Nonlinear equations The governing equations: \( \frac{\partial}{\partial t} \nabla^2 \psi - \text{Pr} \nabla^2 \psi + \text{Ra} \, \text{Pr} \, \frac{\partial \theta}{\partial x} = \mathcal{J}(\nabla^2 \psi, \psi) \) \( \frac{\partial \theta}{\partial t} - \nabla^2 \theta + \frac{\partial \psi}{\partial x} = \mathcal{J}(\theta, \psi) \)
where the nonlinear terms are expressed as a Jacobian operator \(\mathcal{J}\) given by \( \mathcal{J}(f, g) = \frac{\partial f}{\partial x} \frac{\partial g}{\partial y} - \frac{\partial g}{\partial x} \frac{\partial f}{\partial y} \)
Assume free-slip boundary conditions as before

Truncated Galerkin expansion the general solution can be expressed as an infinite Fourier series. Consider a truncated Galerkin expansion \( \psi(x, y, t) = a(t) \sin(\pi y) \sin(k\pi x) + \cdots \) \( \theta(x, y, t) = b(t) \sin(\pi y) \cos(k\pi x) + c(t) \sin(2\pi y) + \cdots \)
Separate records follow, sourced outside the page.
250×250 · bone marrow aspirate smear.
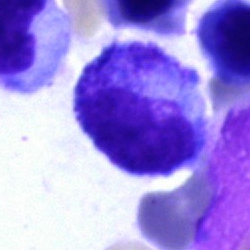 The morphological class is promyelocyte.
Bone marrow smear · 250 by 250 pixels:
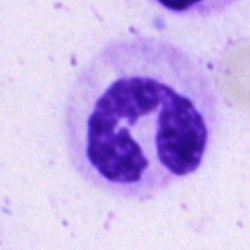Cell type — neutrophil (segmented).
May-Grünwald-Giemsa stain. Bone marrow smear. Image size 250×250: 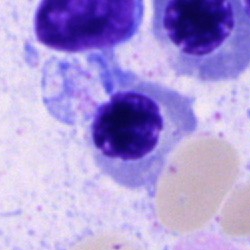 The cell type is nucleated red blood cell.
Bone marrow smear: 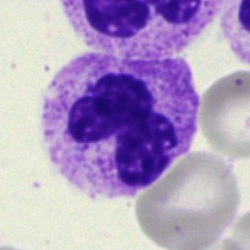 Morphological class = segmented neutrophil.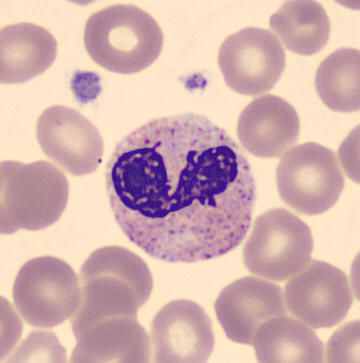 Identified as a segmented neutrophil. Acquisition: Peripheral blood smear.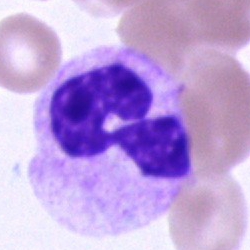A segmented neutrophil on a bone marrow smear.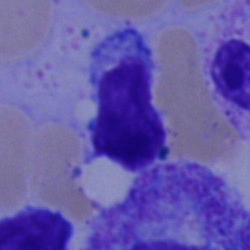

Showing a lymphocyte.

• \(a(t)\) and \(b(t)\) correspond to the convection rolls with wavenumber \(k\) in the \(x\)-direction
• The term \(c(t)\) describes the modification of the mean temperature profile due to convection

Obtain the following low-order model \[ \frac{da}{dt} = \underbrace{-\text{Pr} \, \pi^2 (1 - k^2) a}_{{\text{→ } -\sigma x}} \ \underbrace{- \frac{k \pi}{\pi^2 (1 + k^2)} \text{Pr} \, \text{Ra} \, b}_{{\text{→ } +\sigma y}} \] \[ \frac{db}{dt} = \underbrace{-k \pi a}_{{\text{→ } +x}} \ \underbrace{- \pi^2(1 + k^2) b}_{{\text{→ } -y}} \ \underbrace{- k \pi^2 a c}_{{\text{→ } -xz}} \] \[ \frac{dc}{dt} = \underbrace{\frac{1}{2} k \pi^2 a b}_{{\text{→ } +xy}} \, \underbrace{- 4 \pi^2 c}_{{\text{→ } -\beta z}} \] This low-dimensional model of thermal convection is a rescaled version of the one originally introduced by Lorenz in 1963 \(\sigma = \text{Pr}\) \(\rho = \frac{\text{Ra}}{\text{Ra}_c}\) \(\beta = \frac{2\pi^2}{\pi^2 + k^2}\)